The sunglasses are cheap plastic, but the hinge pins could be extracted if I'm careful later. I slide them aside mentally: maybe.

Next shelf down: a cardboard box full of old tools and metal junk somebody clearly meant to "deal with later." This is the motherlode.

There's a screwdriver with a cracked plastic handle and a shaft that's a little bent. I press the tip into my thumb. The cross‑head's chewed up but not destroyed.

"Handle's trash," I murmur, turning it over. "Shaft still bites."

If I cut the handle off and wrap the metal, I can have a short driver that fits in a pocket. I slide the screwdriver under my arm for now.

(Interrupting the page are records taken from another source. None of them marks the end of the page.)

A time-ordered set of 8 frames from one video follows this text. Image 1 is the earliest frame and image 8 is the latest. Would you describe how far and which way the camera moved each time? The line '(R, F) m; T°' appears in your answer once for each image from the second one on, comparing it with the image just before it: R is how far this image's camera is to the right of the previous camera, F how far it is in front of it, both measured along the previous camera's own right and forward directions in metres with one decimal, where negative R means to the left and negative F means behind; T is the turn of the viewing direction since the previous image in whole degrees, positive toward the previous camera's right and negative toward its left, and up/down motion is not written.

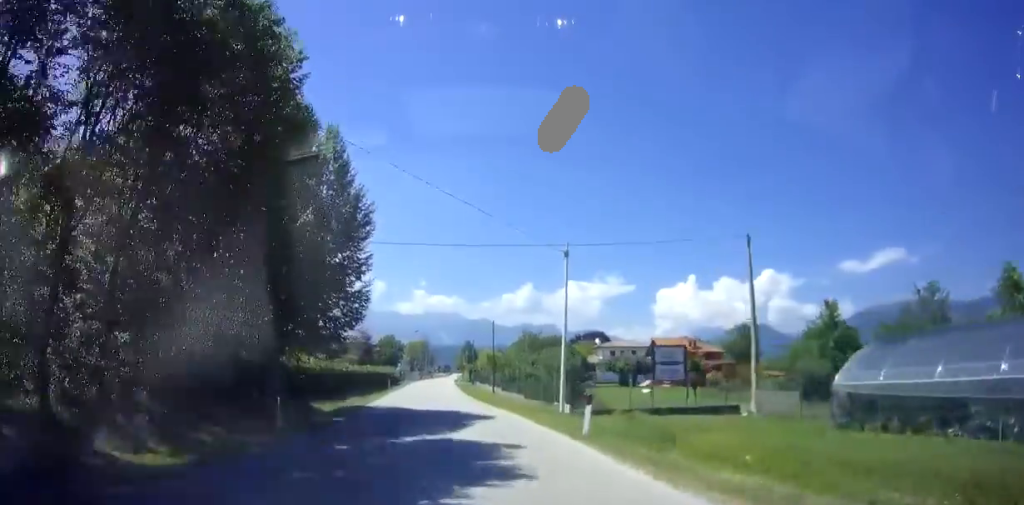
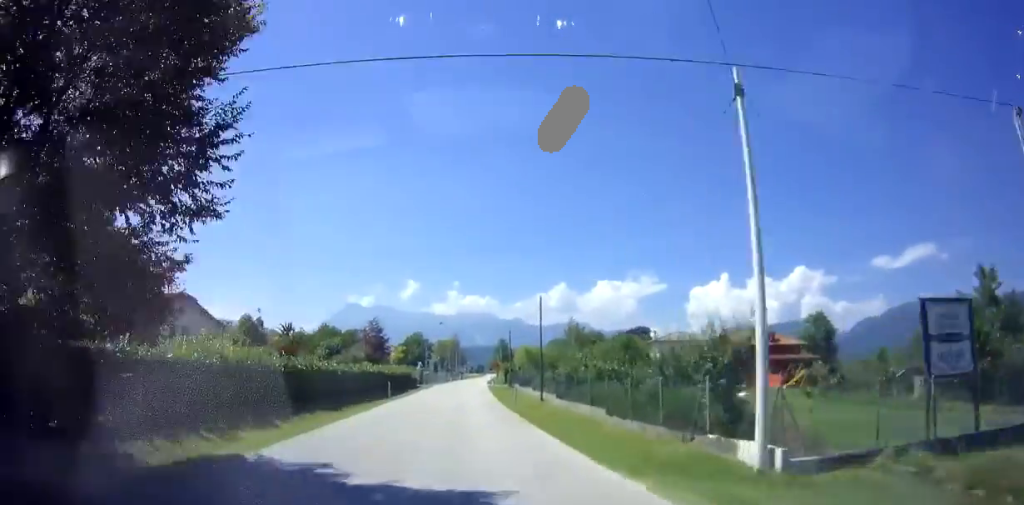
(-0.2, +15.7) m; -1°
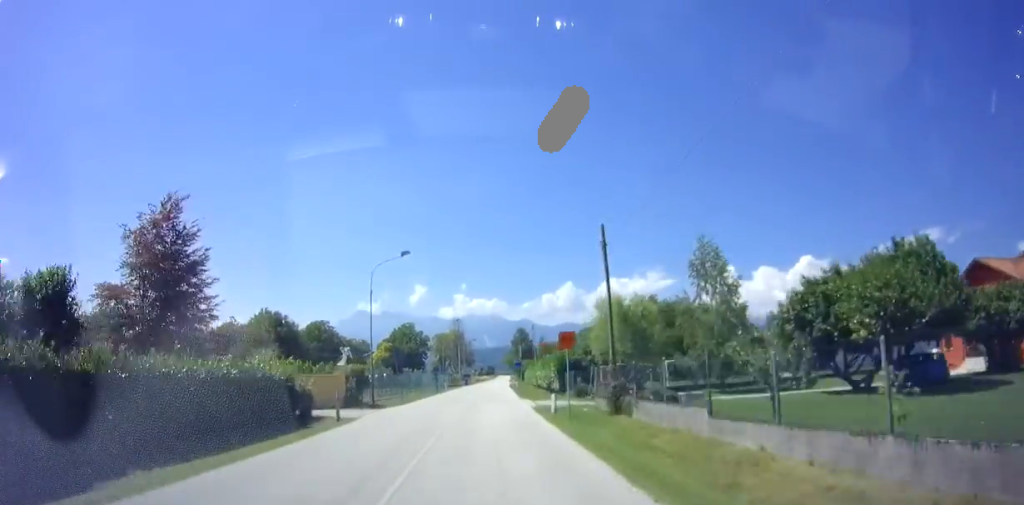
(-0.9, +43.9) m; 0°
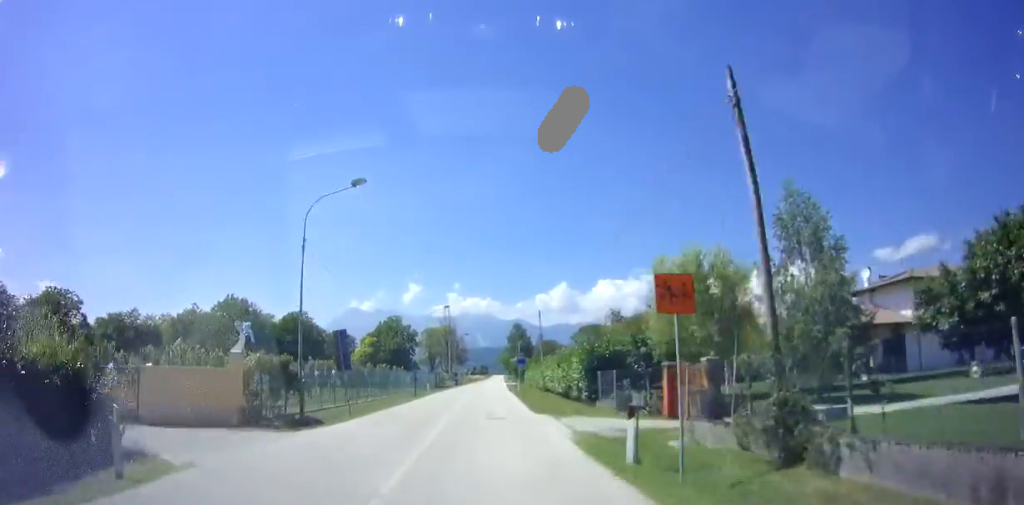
(+0.2, +11.8) m; +2°
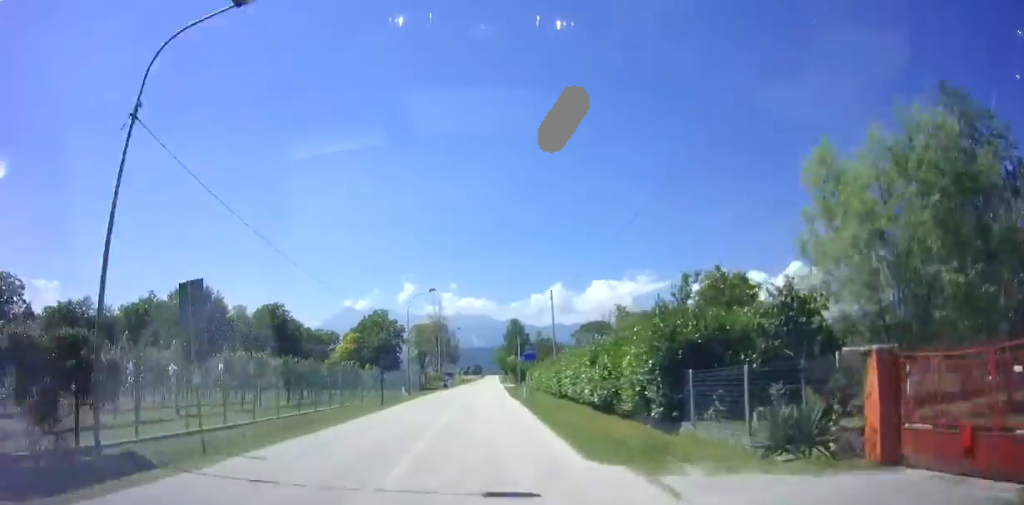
(+0.2, +10.7) m; +1°
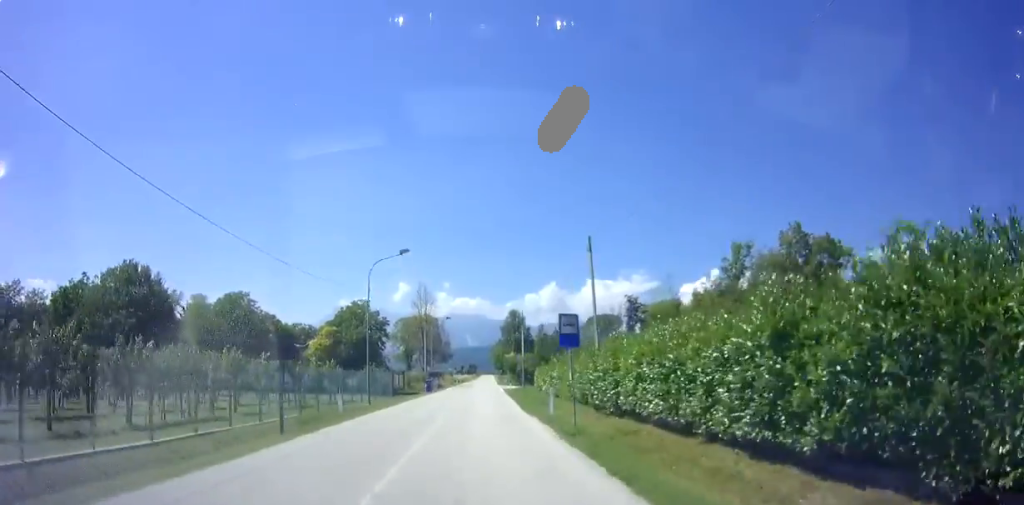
(+0.1, +13.5) m; 0°
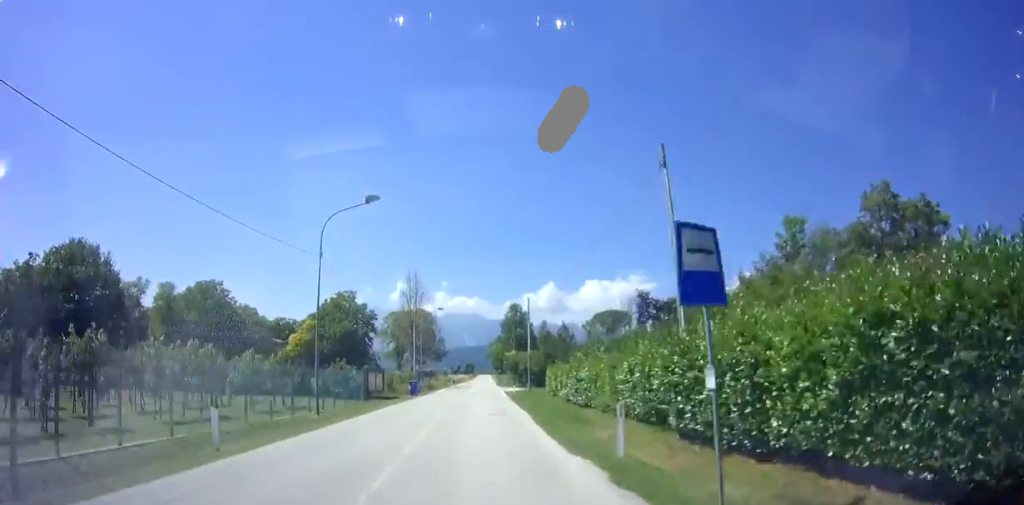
(-0.1, +9.0) m; -1°
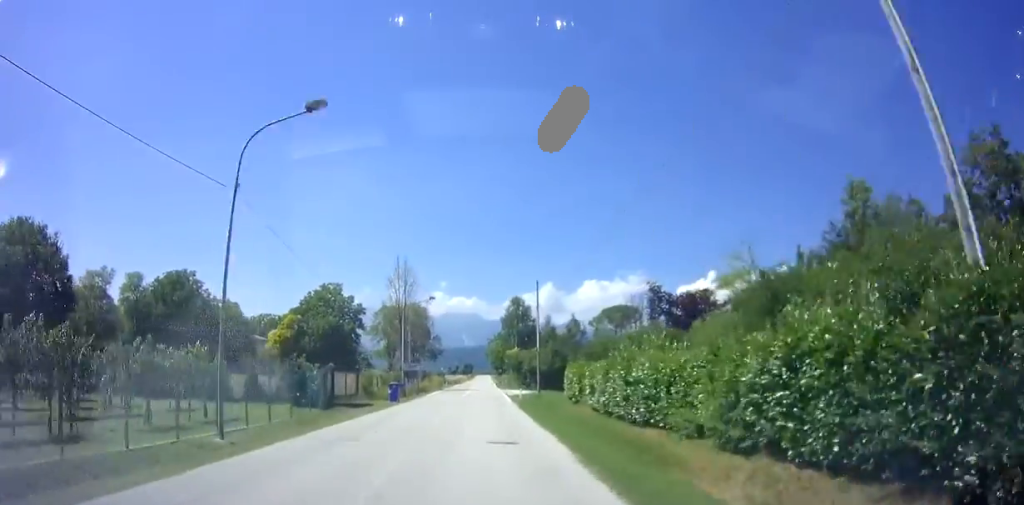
(0.0, +7.8) m; 0°

Next: pliers. Real ones. Rust freckles the hinge, but when I work them open and closed, the jaws still meet. A little tight, but that's better than sloppy. The grips are torn, the rubber peeling. That can be fixed.

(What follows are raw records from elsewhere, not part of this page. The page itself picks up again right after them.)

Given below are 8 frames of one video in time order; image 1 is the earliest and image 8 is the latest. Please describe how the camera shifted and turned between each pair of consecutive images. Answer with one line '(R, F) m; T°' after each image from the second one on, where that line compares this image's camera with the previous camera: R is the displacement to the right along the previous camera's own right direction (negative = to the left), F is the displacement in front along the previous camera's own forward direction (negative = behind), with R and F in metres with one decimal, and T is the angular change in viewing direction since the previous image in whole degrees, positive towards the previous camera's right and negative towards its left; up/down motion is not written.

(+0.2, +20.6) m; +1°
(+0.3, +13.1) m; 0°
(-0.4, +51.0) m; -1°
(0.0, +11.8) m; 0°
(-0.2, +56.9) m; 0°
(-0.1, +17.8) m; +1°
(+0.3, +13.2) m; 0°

"Definitely not leaving you here," I tell them, too quietly for even the walls to hear.

Under that is a pair of scissors. One blade is snapped off near the screw. The other is intact, long and sharp, its tip still aligned with the pivot point.

I unscrew the blades with my fingers—it's loose enough that it almost comes apart by itself. The broken half goes back into the box. The good blade, the one with the intact cutting edge, I hold by the handle, feeling the balance.

"You," I say, "are a problem and a solution."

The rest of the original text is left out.